Radical tissue scaffold to treat knee injuries

By Darren Quick

23:21 May 16, 2009 PDT

The new scaffold mimics bone and cartilage when implanted into a joint

The new scaffold mimics bone and cartilage when implanted into a joint

Damage to knee cartilage is one of the more common types of sports injuries. Treatment often involves drilling a hole through the cartilage into the bone to stimulate the bone marrow to release stem cells, transplanting cartilage and the underlying bone from another part of the joint, or removing cartilage cells from the body, stimulating them to grow in the lab and re-implanting them.

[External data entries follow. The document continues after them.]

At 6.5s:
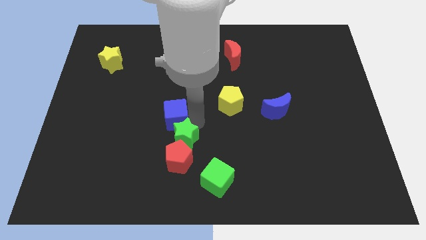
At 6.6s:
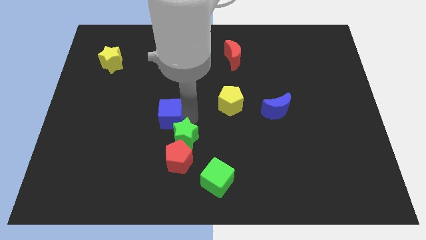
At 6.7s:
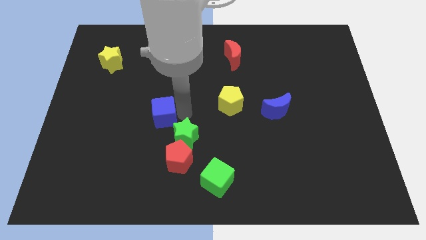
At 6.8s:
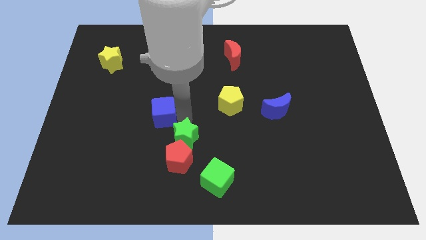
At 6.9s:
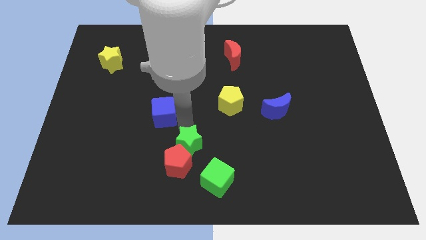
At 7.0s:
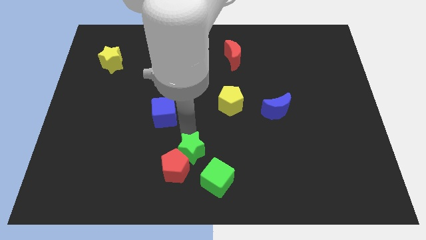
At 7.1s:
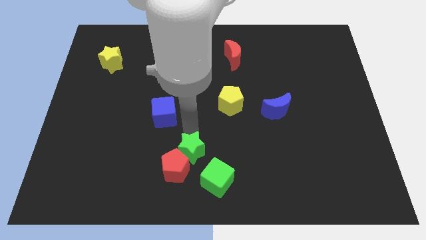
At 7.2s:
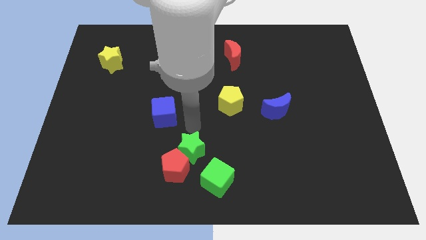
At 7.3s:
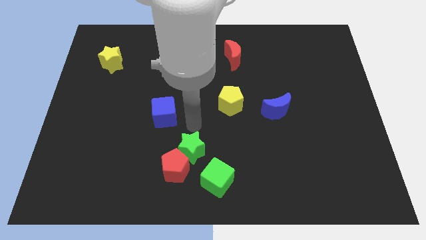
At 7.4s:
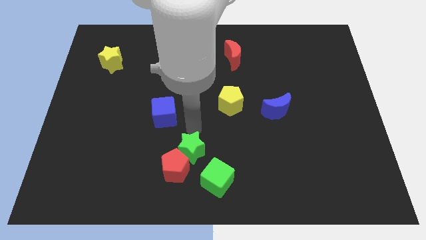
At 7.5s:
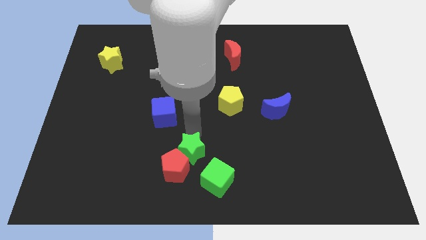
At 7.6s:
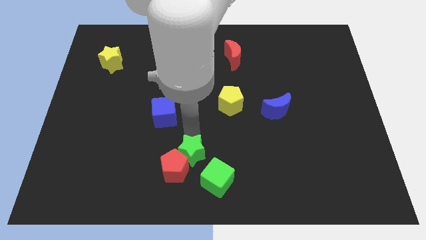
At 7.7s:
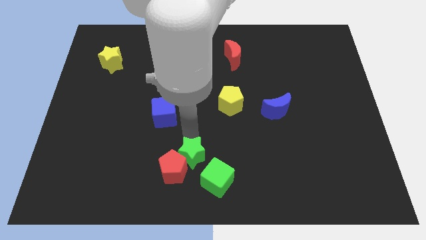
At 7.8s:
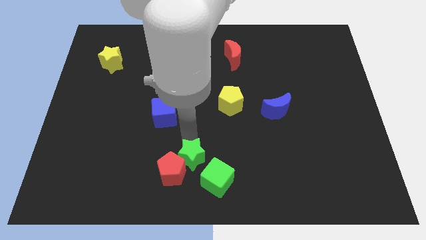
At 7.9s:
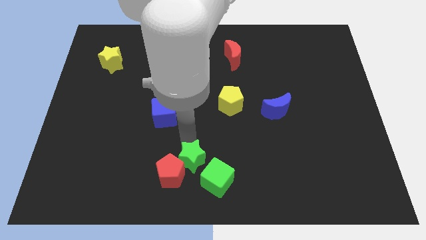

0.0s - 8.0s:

Now MIT engineers have built a new tissue scaffold that can stimulate bone and cartilage growth when transplanted into knees and other joints, potentially offering a more effective, less expensive – and painful – option to more conventional therapies.

The scaffold developed by MIT has two layers, one that mimics bone and another that mimics cartilage. When implanted into a joint, the scaffold can stimulate mesenchymal stem cells in the bone marrow to produce new bone and cartilage.

To develop the bone-mimicking layer, the team started with an existing method of producing a skin scaffold, made of collagen (from bovine tendon) and glycosaminoglycan, a long polysaccharide chain. To mimic the structure of bone, researchers developed a technique to mineralize the collagen scaffold by adding sources of calcium and phosphate.

Once that was done, the team decided to try to create a two-layer scaffold to regenerate both bone and cartilage, known as an osteochondral scaffold. This produced two layers with a gradual transition between the bone and cartilage layers, which is similar to the transition found in the body.

The researchers demonstrated the scaffold's effectiveness in a 16-week study involving goats. In the study, the scaffold successfully stimulated bone and cartilage growth after being implanted in the goats' knees. Although the technology is still limited to small defects, using scaffolds roughly 8 mm (0.3-inches) in diameter, the scaffold offers a potential new treatment for sports injuries and other cartilage damage, such as arthritis.

The scaffold is described in more detail in a series of recent articles in the Journal of Biomedical Materials Research. The technology is undergoing clinical trials in Europe.